Overall, over half of the yeast genes were not detected as having any regulatory sites; i.e. 0 binding sites for 55% of the genes. For a particular regulator, the set of its binding sites throughout the genome was found to vary in terms of its fit to the sequence, where the fit is calculated as the average fit of a sequence to the motif. Interestingly, binding sites that appear in combination with other sites tend to be less specific (lower fit). For the TF Reb1, for example, there is a nice correlation showing that for those genes with only one Reb1-binding site the specificity (or fitness) of the motif is high, however for those genes with a large number of sites, the Reb1 motifs are much less specific. The researchers describing this phenomenon, Bilu and Barkai, suggest that one possible explanation is that to ensure that transcription proceeds only in combination for genes with multiple regulators, each site should be somewhat “fuzzy”.

 

Another way to identify motifs is by using comparative genomics. Since the genome sequence evolves very fast with the exception of functional elements, one can identify motifs as phylogenetically conserved sub-sequences. The first large-scale application of this principle occurred in 2003 with the analysis of four fungi genomes. Examining the inter-genic regions indeed reveals conserved elements that corresponded to known functional sites such as the TATA-box, and binding sites for Gal4 and Mig1.

 

Applying the same principle to the human, mouse and rat genomes led to a striking discovery. “There are 481 segments longer than 200 base pairs (bp) that are absolutely conserved (100% identity with no insertions or deletions) between orthologous regions of the human, rat, and mouse genomes” (Bejerano et al. Science 2004). This can be shown to quite statistically significant given the overall level of divergence among these genomes. Furthermore, such ultra-conserved sequences not corresponding to exons but in the vicinity of genes, tend to be in the vicinity of genes involved in transcriptional regulation. Also as may have been guessed, the ultra-conserved elements are also under strong selection (otherwise they would probably not be ultra-conserved), as evidenced by the lack of observed alleles with appreciable frequencies at these sites. Thus, if a mutation appears at an ultra-conserved loci it tends not to rise in frequency perhaps due to a strong effect on the phenotype.

 

Starting in 1997, evidence that genes are not the only sequences being transcribed in the genome began to accumulate. Many yeast transcripts did not correspond to any annotated gene. One-tenth of the intergenic sequences were estimated to exhibit some transcriptional activity. In 2002, the Fantom project seeking to characterize full-length transcripts in mouse, found that almost half of the poly(A)-tailed RNAs detected are non-protein-coding transcripts that do not match any annotated sequences.
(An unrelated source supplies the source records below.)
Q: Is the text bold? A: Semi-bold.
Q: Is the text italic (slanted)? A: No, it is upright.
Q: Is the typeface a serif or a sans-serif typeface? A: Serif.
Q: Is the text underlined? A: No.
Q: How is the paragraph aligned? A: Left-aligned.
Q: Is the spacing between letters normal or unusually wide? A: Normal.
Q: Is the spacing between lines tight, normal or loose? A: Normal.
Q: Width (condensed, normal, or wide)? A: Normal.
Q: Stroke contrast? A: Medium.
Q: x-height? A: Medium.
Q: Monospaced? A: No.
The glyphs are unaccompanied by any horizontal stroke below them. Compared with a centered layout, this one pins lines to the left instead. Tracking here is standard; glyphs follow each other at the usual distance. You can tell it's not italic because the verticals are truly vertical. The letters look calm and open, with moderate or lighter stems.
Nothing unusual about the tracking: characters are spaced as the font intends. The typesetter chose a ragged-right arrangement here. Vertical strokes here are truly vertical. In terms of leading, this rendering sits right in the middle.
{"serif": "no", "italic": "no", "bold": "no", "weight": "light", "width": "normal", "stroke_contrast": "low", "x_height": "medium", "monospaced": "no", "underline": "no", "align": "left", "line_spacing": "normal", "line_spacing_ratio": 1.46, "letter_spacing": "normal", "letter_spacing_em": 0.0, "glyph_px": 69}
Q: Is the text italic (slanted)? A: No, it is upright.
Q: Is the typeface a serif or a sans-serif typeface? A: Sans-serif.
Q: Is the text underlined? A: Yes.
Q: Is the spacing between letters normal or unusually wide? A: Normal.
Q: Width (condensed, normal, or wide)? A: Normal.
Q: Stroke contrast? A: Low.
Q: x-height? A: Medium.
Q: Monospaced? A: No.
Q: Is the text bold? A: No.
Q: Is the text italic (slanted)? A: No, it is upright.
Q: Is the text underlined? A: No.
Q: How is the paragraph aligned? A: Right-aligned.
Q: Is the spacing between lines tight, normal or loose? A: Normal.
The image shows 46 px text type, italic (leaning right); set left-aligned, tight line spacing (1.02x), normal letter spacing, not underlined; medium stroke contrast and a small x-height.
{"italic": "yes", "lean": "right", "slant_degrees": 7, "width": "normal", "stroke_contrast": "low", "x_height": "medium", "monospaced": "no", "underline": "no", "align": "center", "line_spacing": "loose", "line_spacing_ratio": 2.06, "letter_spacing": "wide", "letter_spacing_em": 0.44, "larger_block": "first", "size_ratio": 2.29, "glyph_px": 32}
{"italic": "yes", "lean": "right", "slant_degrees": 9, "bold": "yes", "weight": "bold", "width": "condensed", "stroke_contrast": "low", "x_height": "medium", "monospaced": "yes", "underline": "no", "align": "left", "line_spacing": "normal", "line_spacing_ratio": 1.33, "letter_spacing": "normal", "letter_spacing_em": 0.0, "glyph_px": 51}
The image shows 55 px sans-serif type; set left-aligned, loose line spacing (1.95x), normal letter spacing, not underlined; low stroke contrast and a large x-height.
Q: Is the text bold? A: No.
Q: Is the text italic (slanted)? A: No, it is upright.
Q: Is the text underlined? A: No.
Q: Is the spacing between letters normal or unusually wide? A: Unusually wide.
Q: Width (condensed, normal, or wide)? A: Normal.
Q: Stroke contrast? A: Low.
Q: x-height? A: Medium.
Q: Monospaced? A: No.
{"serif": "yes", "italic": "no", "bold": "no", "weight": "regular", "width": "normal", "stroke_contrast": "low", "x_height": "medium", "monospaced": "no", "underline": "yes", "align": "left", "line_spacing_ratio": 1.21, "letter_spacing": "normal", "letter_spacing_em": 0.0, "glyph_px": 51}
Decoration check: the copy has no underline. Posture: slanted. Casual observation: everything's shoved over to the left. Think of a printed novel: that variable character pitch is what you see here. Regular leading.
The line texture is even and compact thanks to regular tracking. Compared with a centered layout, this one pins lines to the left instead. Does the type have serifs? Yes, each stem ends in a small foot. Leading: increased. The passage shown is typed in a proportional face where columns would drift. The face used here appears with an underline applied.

In the same year, tiling arrays of chromosomes 21 and 22 were used to examine the genomic locations of transcripts. Shockingly, most hybridizing probes lay outside the positions of known exons. In fact, of probes that were positive when hybridized to samples isolated from at least one of 11 cell lines, 94% lay outside known exon positions. Since then dozens of other reports have confirmed the observation of widespread transcription of the genome. This expression may correspond to yet-to-be-identified protein coding genes, however that seems unlikely. Another intriguing explanation is that expression is a biological artifact, expressed but not needed and invisible to natural selection.

 

How could this widespread expression come about? A recent study examining the binding sites of 6 important developmental regulators in Drosophila provides a clue. It was found that these bound to thousands of regions across the genome. Are all of these functional targets of the regulators? Additional work will shed light on how the genome is regulated and in particular how we might distinguish which portions of the regulation are under selection.